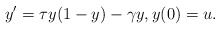
\begin{align*} y'=\tau y(1-y)-\gamma y,y(0)=u. \end{align*}
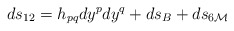
\begin{align*}ds_{12}= h_{pq}dy^pdy^q +ds_B + ds_{6{\cal M}}\end{align*}
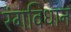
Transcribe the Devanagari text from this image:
रंगविधान
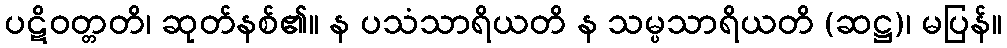
ပဋိဝတ္တတိ၊ ဆုတ်နစ်၏။ န ပသံသာရိယတိ န သမ္ပသာရိယတိ (ဆဋ္ဌ)၊ မပြန်။
------------------------------
Activity: Set down word for word the lines beginning with the one containing "Transcribe the Devanagari" and ending with the last line of the listing, inclusive. Omit every picture.

Answer area:
Transcribe the Devanagari text from this image:
रंगविधान
ပဋိဝတ္တတိ၊ ဆုတ်နစ်၏။ န ပသံသာရိယတိ န သမ္ပသာရိယတိ (ဆဋ္ဌ)၊ မပြန်။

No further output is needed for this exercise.